In the Byzantine Empire, God was rarely invoked directly during prayer. Instead, they would “ask an intermediary (usually a saint or the Virgin, but sometimes a living person believed to be sufficiently holy to have special access to the divine) to arbitrate or intervene on their behalf with Christ” [Brubaker, 10]. The 'cult of saints' believed that the holiness of saints remained attached to their bodies, even after death. This belief eventually evolved, so that a saint's holiness was also associated with portraits. This development was unique to Byzantium, but can be seen as a continuation of a trend that predated the empire.

Religious images depicting the saints, the Virgin, or Christ were called 'icons', and they were believed to hold special power. While paintings and mosaics are the most common archeological finds, these images were also found on coins[3] , and statues. The importance of icons in religious worship grew, until there was a change in the 7th century CE. In this time the Islamic empire had conquered most of the Byzantine empire, and the Christians now living under Arab rule viewed it as an apocalyptic age [Brubaker]. In order to maintain control, the church implemented new rules to regulate and control the powers of sacred images, and address the insecurities brought about by the Islamic conquests.

There was stiff resistance to the new power of images- what was the difference between worshiping an icon, and worshiping an idol? Idol worship was forbidden by Exodus 20:4 [Brooks 2001]. Also, as Islamic authority grew in the 8th century CE, efforts by Constantine V to limit the power of icons, may have been an effort to usurp religious power, and centralize authority back in the hands of the Emperor. Finally, Muslims were forbidden from even painting their prophet Mohammed, and Christians may have seen Arab victories as a sign of God's favor; the iconoclasm could have been emulation of Islamic practices in order to curry favor. Whatever the reason, religious icons were banned, and many of them were destroyed or defaced.

The iconoclasm continued, with varying levels of enforcement, until 843 when Michael III rescinded the ban. In the middle period old iconic styles were reinvented, and “ distinct portrait types for individual saints” [Brooks 2001] were developed. The church at Nikaia “sanctified practice by legitimizing the veneration of holy portraits” [Brubaker, 115] in 787 and again in 843. Instead of destroying the importance of these images, the iconoclasm may have perpetuated their reverence to this day. Icons were common donations given by the faithful to to local churches and monasteries. With the proliferation if iconic images, the physical attributes of individual saints became regularized, so that an individual would always recognize each saint, even in a different part of the Empire.

Bibliography[]

Brubaker, Leslie. Inventing Byzantine iconoclasm. London: Bristol Classical Press, 2012.

Brooks, Sarah. "Byzantium (ca. 330–1453)". In Heilbrunn Timeline of Art History. New York: The Metropolitan Museum of Art, 2000–. http://www.metmuseum.org/toah/hd/byza/hd_byza.htm (originally published October 2001, last revised October 2009)

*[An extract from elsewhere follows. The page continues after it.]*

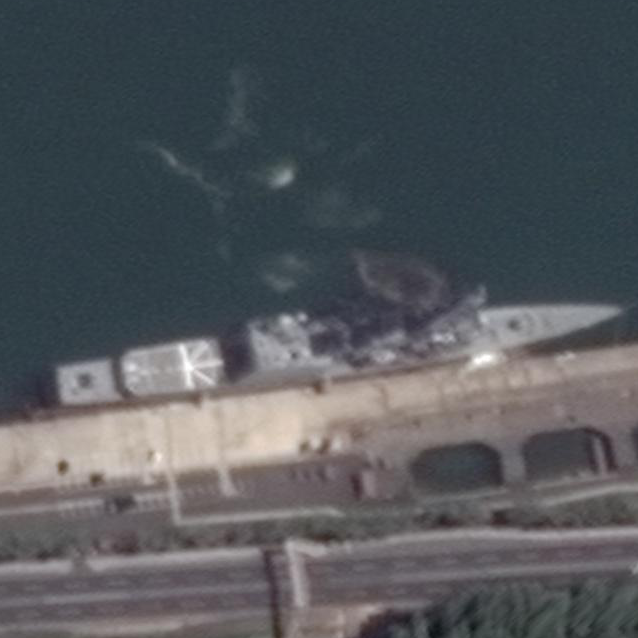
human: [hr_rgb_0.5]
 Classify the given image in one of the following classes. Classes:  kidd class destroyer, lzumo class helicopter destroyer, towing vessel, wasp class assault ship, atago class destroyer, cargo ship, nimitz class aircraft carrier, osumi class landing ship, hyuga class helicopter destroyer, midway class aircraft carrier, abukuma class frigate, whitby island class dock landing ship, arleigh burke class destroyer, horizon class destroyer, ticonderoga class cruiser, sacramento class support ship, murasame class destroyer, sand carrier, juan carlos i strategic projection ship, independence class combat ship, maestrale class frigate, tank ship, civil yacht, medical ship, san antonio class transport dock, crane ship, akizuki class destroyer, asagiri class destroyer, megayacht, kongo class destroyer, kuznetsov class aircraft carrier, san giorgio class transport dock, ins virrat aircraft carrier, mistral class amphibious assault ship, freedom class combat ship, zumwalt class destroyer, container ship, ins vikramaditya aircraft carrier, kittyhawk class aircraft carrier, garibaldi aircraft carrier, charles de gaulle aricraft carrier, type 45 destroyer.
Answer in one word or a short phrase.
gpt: Abukuma class frigate

Brooks, Sarah . "Icons and Iconoclasm in Byzantium". In Heilbrunn Timeline of Art History. New York: The Metropolitan Museum of Art, 2000–. http://www.metmuseum.org/toah/hd/icon/hd_icon.htm (October 2001) 

Cameron, Averil. The Byzantines. Malden, MA: Blackwell Pub., 2006.

Evans, Helen C., and N.Y. York. The glory of Byzantium: art and culture of the Middle Byzantine era, A.D. 843-1261. New York: Metropolitan Museum of Art :, 1997.

Margaret Mullett, et al. "Early Christian and Byzantine art." Grove Art OnlineOxford Art Online.Oxford University Press, accessed May 28, 2014, http://www.oxfordartonline.com.proxy-remote.galib.uga.edu/subscriber/article/grove/art/T024432pg3.

Rice, David Talbot. The Byzantines. New York: Praeger, 1962.